(Data entries)
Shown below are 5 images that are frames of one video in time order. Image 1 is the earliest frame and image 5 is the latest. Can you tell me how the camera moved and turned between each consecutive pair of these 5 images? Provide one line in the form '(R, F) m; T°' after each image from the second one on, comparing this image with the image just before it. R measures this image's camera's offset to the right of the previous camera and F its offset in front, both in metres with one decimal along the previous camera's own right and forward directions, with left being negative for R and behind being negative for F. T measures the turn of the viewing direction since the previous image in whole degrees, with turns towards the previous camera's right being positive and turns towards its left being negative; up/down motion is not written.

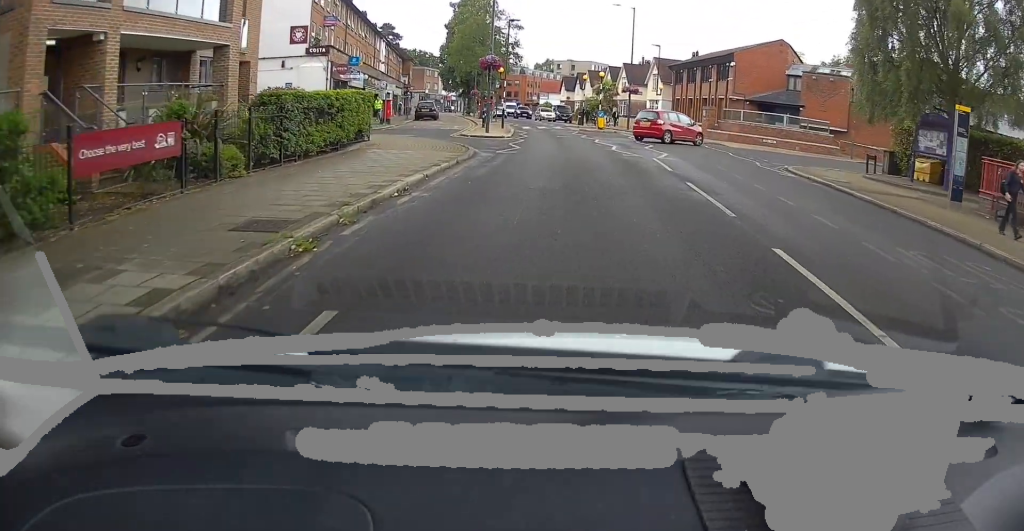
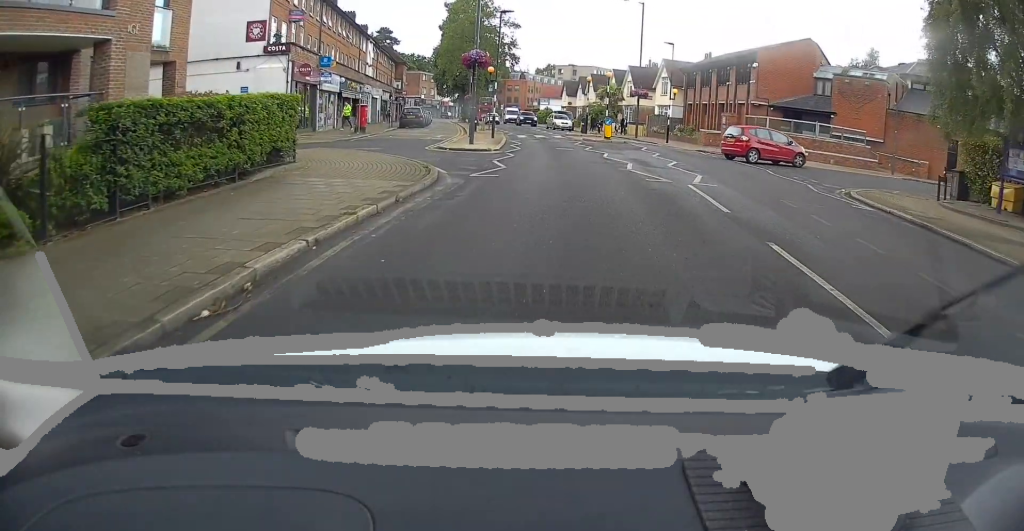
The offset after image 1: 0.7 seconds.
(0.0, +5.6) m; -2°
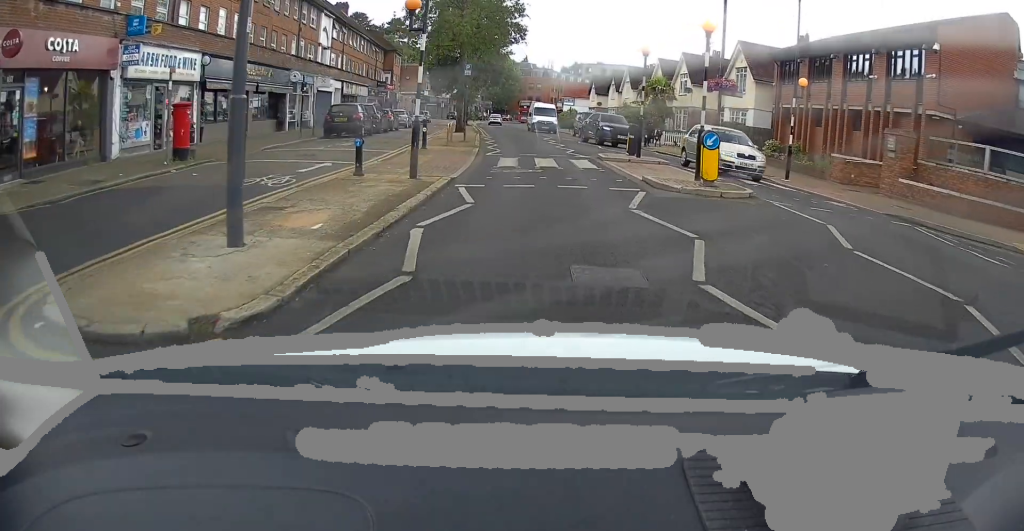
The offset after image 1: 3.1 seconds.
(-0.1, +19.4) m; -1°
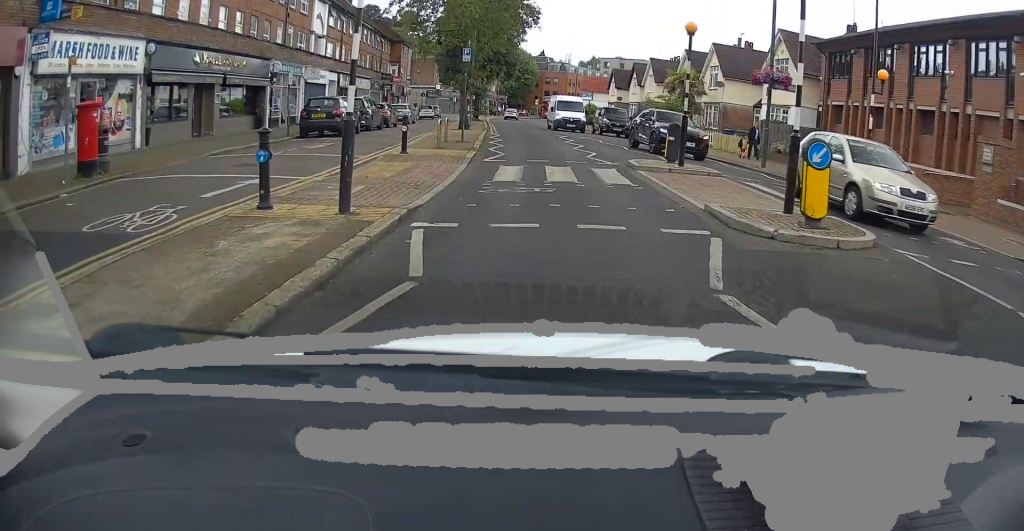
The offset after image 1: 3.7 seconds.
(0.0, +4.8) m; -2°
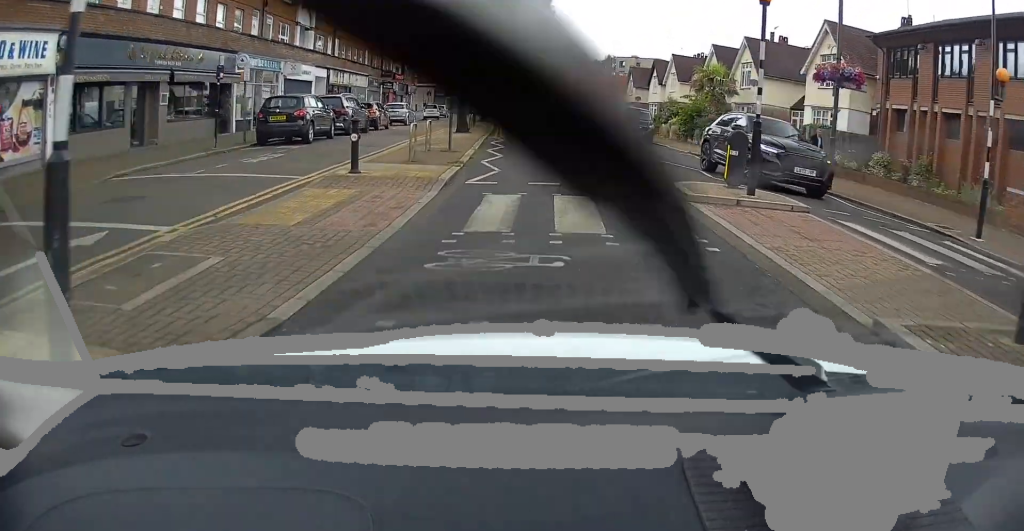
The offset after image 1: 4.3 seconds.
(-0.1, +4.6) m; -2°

## TASK BRIEF:
Each record should be given again exactly, with no picture carried over.

## REPLY TO THE TASK:
Shown below are 5 images that are frames of one video in time order. Image 1 is the earliest frame and image 5 is the latest. Can you tell me how the camera moved and turned between each consecutive pair of these 5 images? Provide one line in the form '(R, F) m; T°' after each image from the second one on, comparing this image with the image just before it. R measures this image's camera's offset to the right of the previous camera and F its offset in front, both in metres with one decimal along the previous camera's own right and forward directions, with left being negative for R and behind being negative for F. T measures the turn of the viewing direction since the previous image in whole degrees, with turns towards the previous camera's right being positive and turns towards its left being negative; up/down motion is not written.

The offset after image 1: 0.7 seconds.
(0.0, +5.6) m; -2°
The offset after image 1: 3.1 seconds.
(-0.1, +19.4) m; -1°
The offset after image 1: 3.7 seconds.
(0.0, +4.8) m; -2°
The offset after image 1: 4.3 seconds.
(-0.1, +4.6) m; -2°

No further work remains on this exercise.